Cases of serious post-abortion complications were reported with private providers too, particularly those who were not medically qualified. One woman who had to be hospitalised described the abortionist as a male practitioner from a neighbouring state who had been practising in her village for the past 20 years. She had suffered severe haemorrhaging, due to incomplete removal of the products of conception, before she was brought to the hospital.

Expressed preference for qualified private providers

The number of well-equipped private clinics and nursing homes is growing in rural areas in recent years, partly because institutionalised childbirth is becoming the norm (52% in rural Tamilnadu in 1995) (9). Every VHN we interviewed listed several such facilities within easy reach of their service communities.

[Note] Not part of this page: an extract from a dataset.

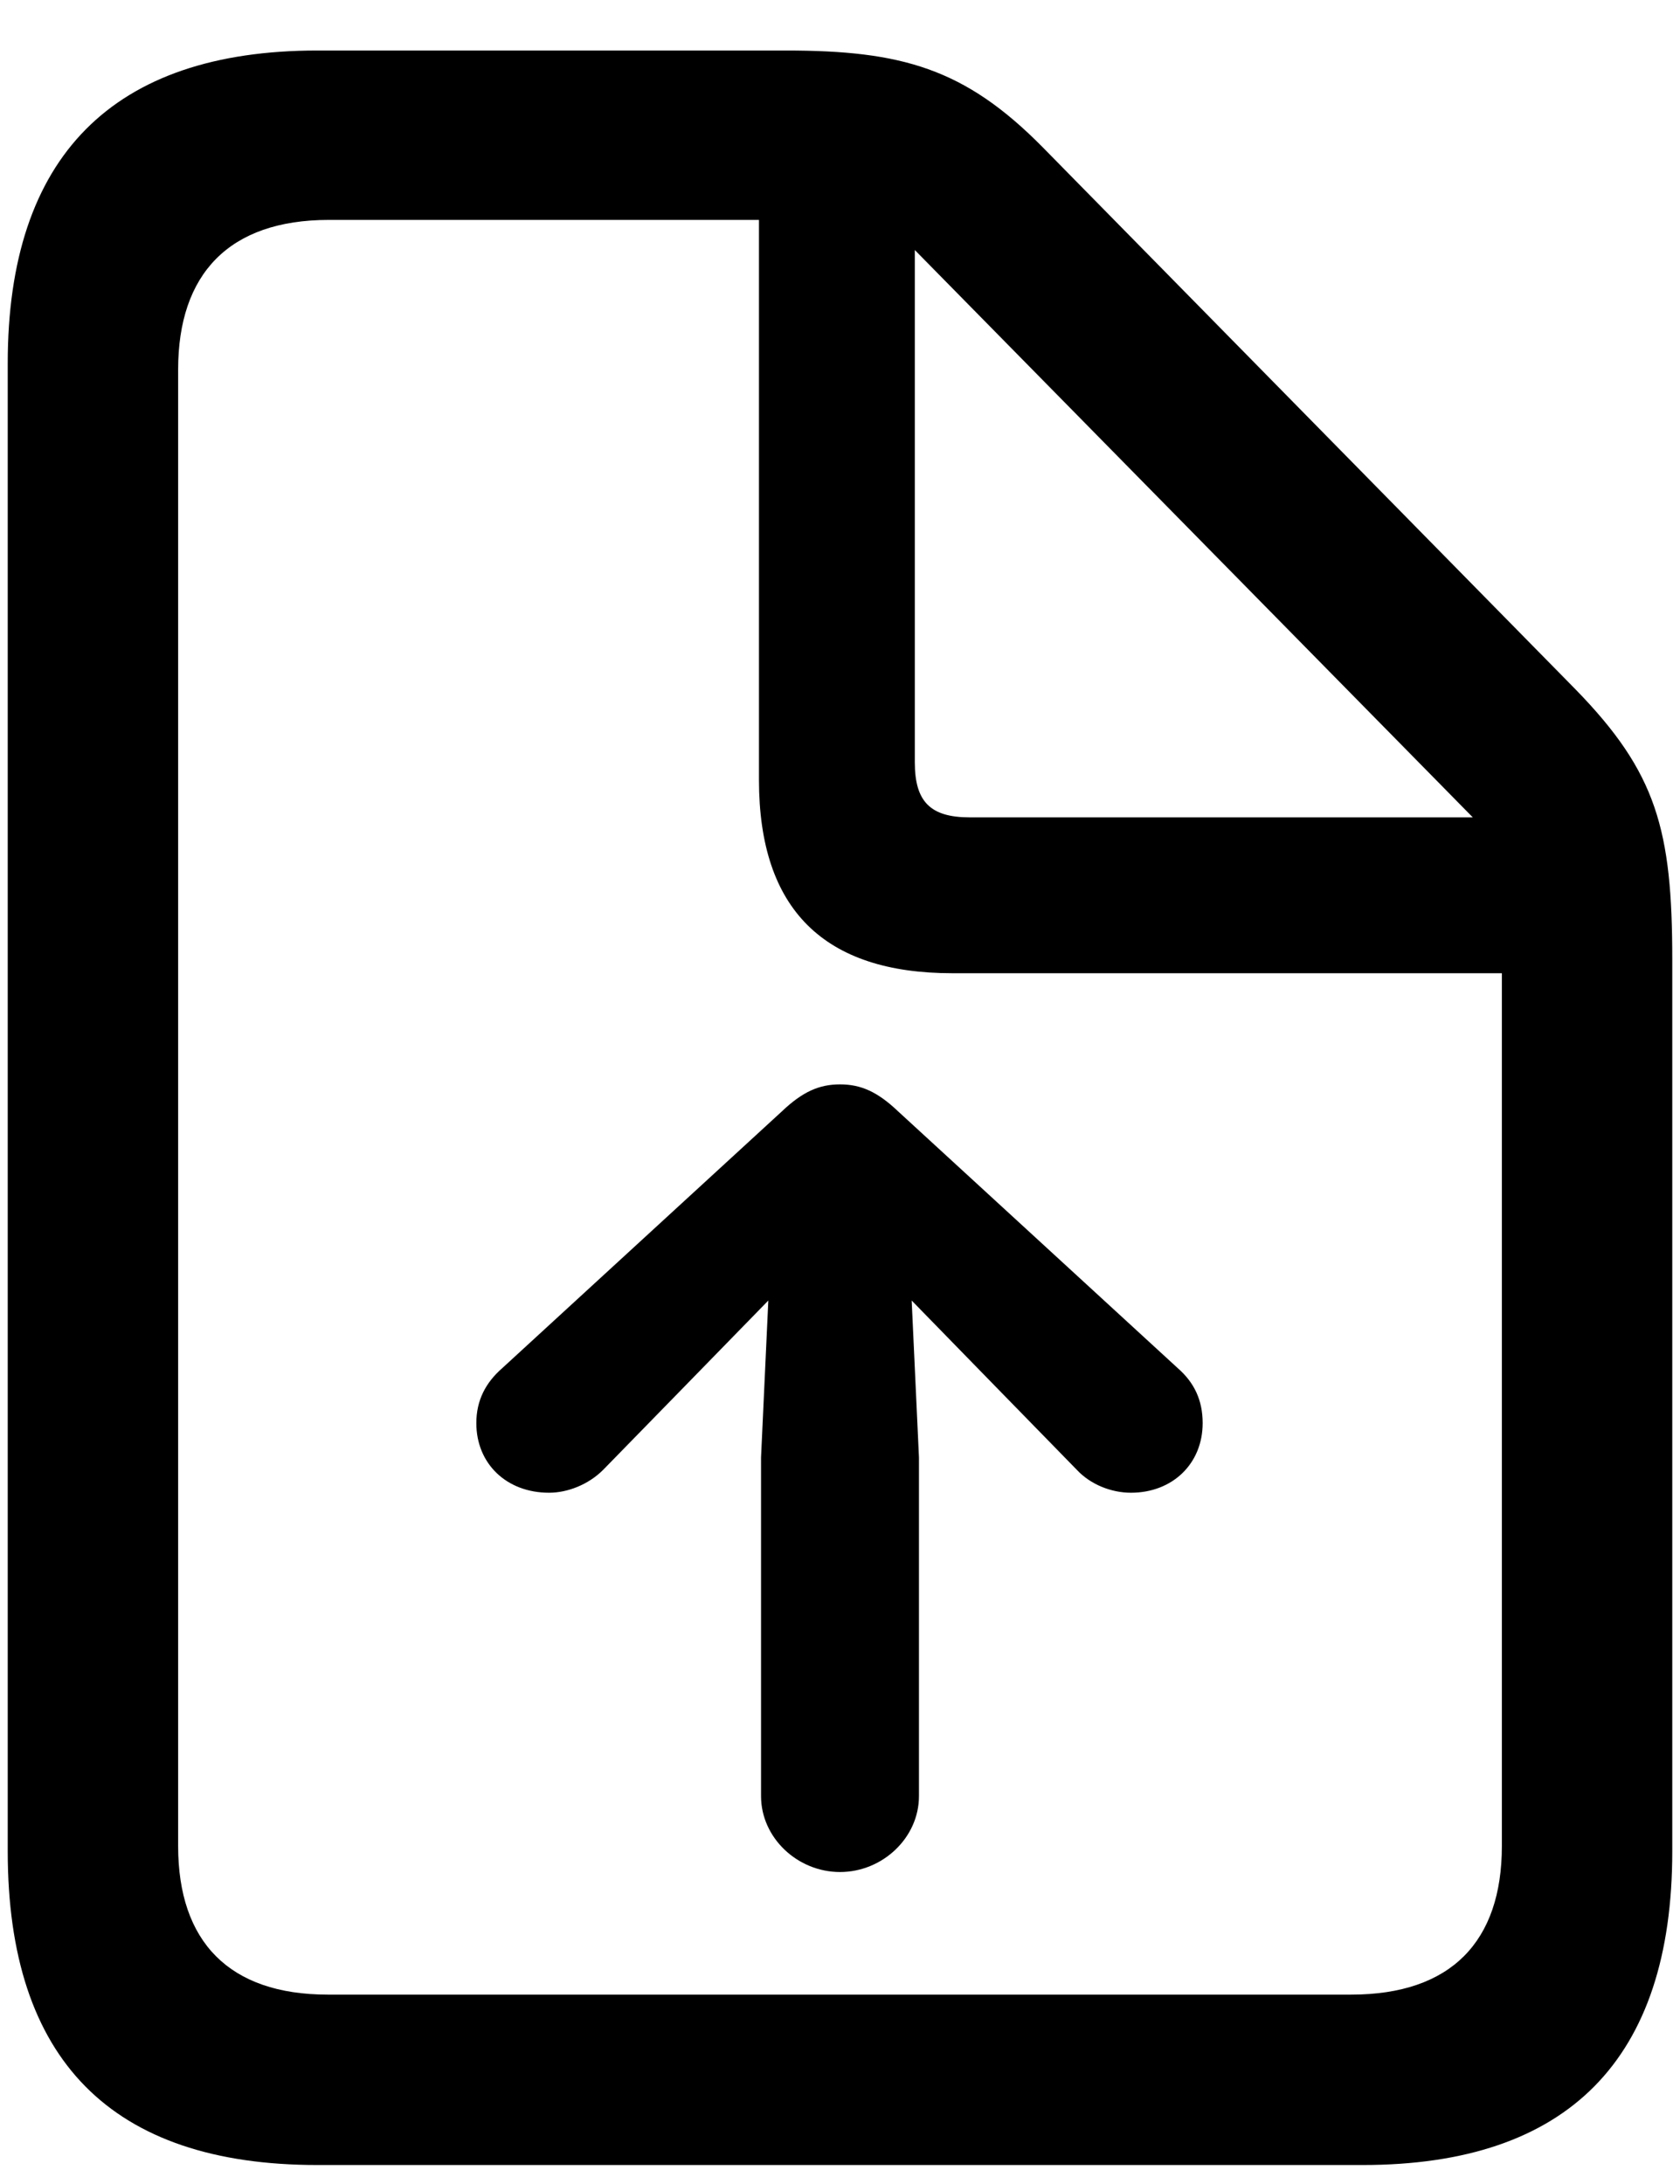 <svg width="30" height="39" viewBox="0 0 30 39" fill="none" xmlns="http://www.w3.org/2000/svg">
<path d="M5.667 38.661C1.993 38.661 0.138 36.787 0.138 33.058V6.487C0.138 2.795 2.012 0.902 5.667 0.902H14.035C16.095 0.902 17.227 1.218 18.618 2.628L28.137 12.313C29.584 13.798 29.862 14.818 29.862 17.138V33.058C29.862 36.769 28.007 38.661 24.333 38.661H5.667ZM5.853 35.618H24.129C25.91 35.618 26.819 34.672 26.819 32.965V17.379H17.004C14.722 17.379 13.553 16.247 13.553 13.928V3.927H5.871C4.09 3.927 3.181 4.892 3.181 6.599V32.965C3.181 34.672 4.09 35.618 5.853 35.618ZM17.319 14.596H26.3L16.336 4.465V13.612C16.336 14.317 16.614 14.596 17.319 14.596ZM16.41 32.074C16.41 32.816 15.761 33.429 15 33.429C14.239 33.429 13.59 32.816 13.59 32.074V26.025L13.72 23.224L12.273 24.708L10.77 26.248C10.51 26.508 10.139 26.656 9.805 26.656C9.044 26.656 8.506 26.137 8.506 25.413C8.506 25.005 8.673 24.689 8.97 24.43L13.961 19.847C14.332 19.494 14.629 19.364 15 19.364C15.371 19.364 15.668 19.494 16.039 19.847L21.03 24.43C21.327 24.689 21.476 25.005 21.476 25.413C21.476 26.137 20.938 26.656 20.195 26.656C19.843 26.656 19.472 26.508 19.23 26.248L17.727 24.708L16.28 23.224L16.41 26.025V32.074Z" fill="black"/>
</svg>

Health authorities, VHNs and individual women who had had abortions said that the preference for private sector abortion services has to do with:

* the preference for confidentiality and privacy;

* the avoidance of sterilisation as a condition for MTP;

* the perception that private practitioners gave safer, better quality of care; and

* the fact that private practitioners were also more willing to provide services for women whose pregnancies were beyond the 20-week limit.

VHNs have contributed to the trend towards utilising private practitioners. Referring and accompanying women to private practitioners was much less complicated and time-consuming than waiting for and attending the camps, or the long waits and complex procedures at government hospitals. Private providers were also much less likely to abuse women and VHNs verbally. Although some referrals to private practitioners resulted in commissions for the VHNs, we found no evidence that this was their main motive. Most frequently VHNs said that the quality of care was better in private facilities and presented less likelihood of postabortion complications. Many VHNs and other health personnel said that rural people themselves were becoming more informed about health care services and who the different private practitioners were, and could make systematic comparisons of costs and other factors between private and government facilities.

A similar situation has been reported in Maharashtra, where in one study only 16.7%$ of women went for MTP in government facilities and only 2% reported having resorted to traditional or unqualified practitioners (5). Other studies, including in Maharashtra and Gujarat, found similar patterns of women going to private practitioners, with an emphasis on qualified doctors (6,161).

"Women and their families were aware of the potential complications from abortions, and were consciously choosing providers known to have low complication rates and better facilities". (6)

Fees charged by private providers

The various private providers charged a wide range of fees for abortions. One woman reported paying only Rs. 375, but in general the low end of fees with an unqualified provider was Rs. 600-700 (approx. US$15 to $18). Unmarried girls were charged more, at least 1000 rupees (approx. US$23.50), and later pregnancies cost more as well.

Several VHNs told us that the qualified private doctors to whom they took their cases charged only Rs. 300-500 (about US$8 to $12.50) if the pregnancy was up to 10-12 weeks, and if the woman was referred by the VHN.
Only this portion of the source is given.